The author is associate editor of the Thomas A. Edison Papers and teaches international history at Rutgers. The latter role contributed significantly to making this a genuinely transnational biography and a model for those who wish to engage in that rapidly growing field of historical scholarship.
Born and raised in Mannheim, Germany, Kahn moved to London, where he became a British subject before going to the United States in 1893 on a temporary assignment that led to permanent residence and eventual partnership in Kuhn, Loeb, a private firm of investment bankers whose initial wealth developed largely from railroads in the United States and Europe. He learned much about "the art of the deal" early in the century from E. H. Harriman, a difficult man who nonetheless served as a kind of mentor in bold railroad entrepreneurship before Kahn moved on to investment in European banks, floating bonds for France during the war, and investing in central Europe and Japan after the war and in Germany during the later 1920s.
Kahn remained a transatlantic traveler his entire life, spending roughly one-third of each year abroad, not merely on company business but also on the pursuit of his personal passion: to import and export cultural organizations, events, and potential "stars" in many fields. By 1910 he had become a celebrity millionaire, widely recognized for his well-mannered ambition as the "Man of Steel and Velvet." As Collins puts it, his energetic enterprise by the eve of World War I "suggests the ultimate extent of transatlantic integration. . . . Kahn had become a unique emissary of art, capital, and metropolitanism. He had come to represent the marketplace of world citiesan expansive metropolitan culture carried outward on the tracks of railway systems, the wires of news services, and the shipping lanes of the Atlantic" (p. 93).

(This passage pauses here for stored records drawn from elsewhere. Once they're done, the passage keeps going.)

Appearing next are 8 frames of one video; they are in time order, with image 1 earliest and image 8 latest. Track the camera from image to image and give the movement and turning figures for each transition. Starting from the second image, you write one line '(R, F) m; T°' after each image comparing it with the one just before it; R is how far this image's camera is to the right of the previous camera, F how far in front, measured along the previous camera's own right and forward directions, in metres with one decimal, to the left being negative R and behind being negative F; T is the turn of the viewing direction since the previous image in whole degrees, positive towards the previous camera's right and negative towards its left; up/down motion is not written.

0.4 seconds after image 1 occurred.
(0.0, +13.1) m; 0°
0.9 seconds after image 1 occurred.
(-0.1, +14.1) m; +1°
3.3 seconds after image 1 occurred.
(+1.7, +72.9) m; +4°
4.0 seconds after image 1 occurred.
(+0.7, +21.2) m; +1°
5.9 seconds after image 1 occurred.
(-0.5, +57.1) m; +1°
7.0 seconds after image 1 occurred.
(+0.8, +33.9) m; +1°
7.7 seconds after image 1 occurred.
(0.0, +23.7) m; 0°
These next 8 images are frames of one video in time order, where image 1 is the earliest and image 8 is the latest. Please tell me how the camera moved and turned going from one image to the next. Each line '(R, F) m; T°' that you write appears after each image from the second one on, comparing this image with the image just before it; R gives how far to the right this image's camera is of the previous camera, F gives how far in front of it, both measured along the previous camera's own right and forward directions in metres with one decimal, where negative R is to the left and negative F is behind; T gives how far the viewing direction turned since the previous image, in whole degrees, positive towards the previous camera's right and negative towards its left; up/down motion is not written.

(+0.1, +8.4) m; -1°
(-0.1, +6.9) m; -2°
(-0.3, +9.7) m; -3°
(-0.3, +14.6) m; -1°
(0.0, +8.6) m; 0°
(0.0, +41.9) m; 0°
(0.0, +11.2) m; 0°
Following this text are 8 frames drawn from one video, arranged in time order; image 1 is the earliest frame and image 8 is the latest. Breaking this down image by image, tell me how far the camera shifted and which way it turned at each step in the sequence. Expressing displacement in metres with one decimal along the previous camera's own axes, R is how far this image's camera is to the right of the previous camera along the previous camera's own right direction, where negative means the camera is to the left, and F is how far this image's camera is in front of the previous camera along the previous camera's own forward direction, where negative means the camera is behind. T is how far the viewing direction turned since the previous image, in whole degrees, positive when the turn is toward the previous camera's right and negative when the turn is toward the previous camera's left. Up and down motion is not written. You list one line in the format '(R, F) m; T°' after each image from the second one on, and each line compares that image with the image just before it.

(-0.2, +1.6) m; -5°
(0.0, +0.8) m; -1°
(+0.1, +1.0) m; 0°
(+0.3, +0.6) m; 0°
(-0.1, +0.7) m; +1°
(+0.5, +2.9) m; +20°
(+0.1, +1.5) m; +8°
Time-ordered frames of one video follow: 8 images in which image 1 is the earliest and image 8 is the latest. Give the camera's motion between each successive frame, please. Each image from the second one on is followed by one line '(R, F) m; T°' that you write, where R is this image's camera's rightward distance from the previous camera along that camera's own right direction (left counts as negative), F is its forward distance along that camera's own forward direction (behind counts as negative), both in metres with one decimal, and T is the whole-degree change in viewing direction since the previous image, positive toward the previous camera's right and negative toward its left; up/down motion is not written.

By 1907 he had already begun a career-long series of articulate and well-received appearances before congressional committees that were investigating banking and investment practices. In 1933, when Kahn gave four days of testimony before the Pecora hearings, instigated by public anger directed at the entrepreneurial elite and especially at manipulative moneylenders, Kahn achieved the apogee of success in disarming antagonism against the banking community. As Senate investigator Ferdinand Pecora himself wrote in his memoir of the investigation, "No suaver, more fluent, and more diplomatic advocate could be conceived. If anyone could succeed in presenting the customs and functions of the private bankers in a favorable and prepossessing light, it was he" (p. 293). Within a year Kahn was dead of a heart attack at the age of sixty-seven. His apt self-description had been as a man of "Machiavellian finesse" (p. 140). Collins's detailed account of the Pecora hearings, which included far less successful testimony from the House of Morgan and others, is one of the highlights of her book, presumably written before contemporary public outrage over the tarnished reputations of so many corporate CEOs in 200102 appeared to echo the outcry that led to the 1933 investigations.
Collins is equally attentive to Kahn's cultural philanthropies, which is appropriate because he became equally well known on that account and always sought to keep his vocation and avocation in balance. He wrote in 1915: "Business is driving me pretty hard; it has not yet succeeded, however, in drying up the springs of my interest in and enthusiasm for art and beauty, and it never will if I can help it" (p. 108). Unlike J. P. Morgan, a voracious collector of art, Kahn primarily gathered institutional and individual clients, ranging from the Metropolitan Opera, which he generously chaired for decades, to the poet Hart Crane, the theatrical producer Max Reinhardt, the designer Norman Bel Geddes, the singer/actor Paul Robeson, the composer George Antheil, and many others.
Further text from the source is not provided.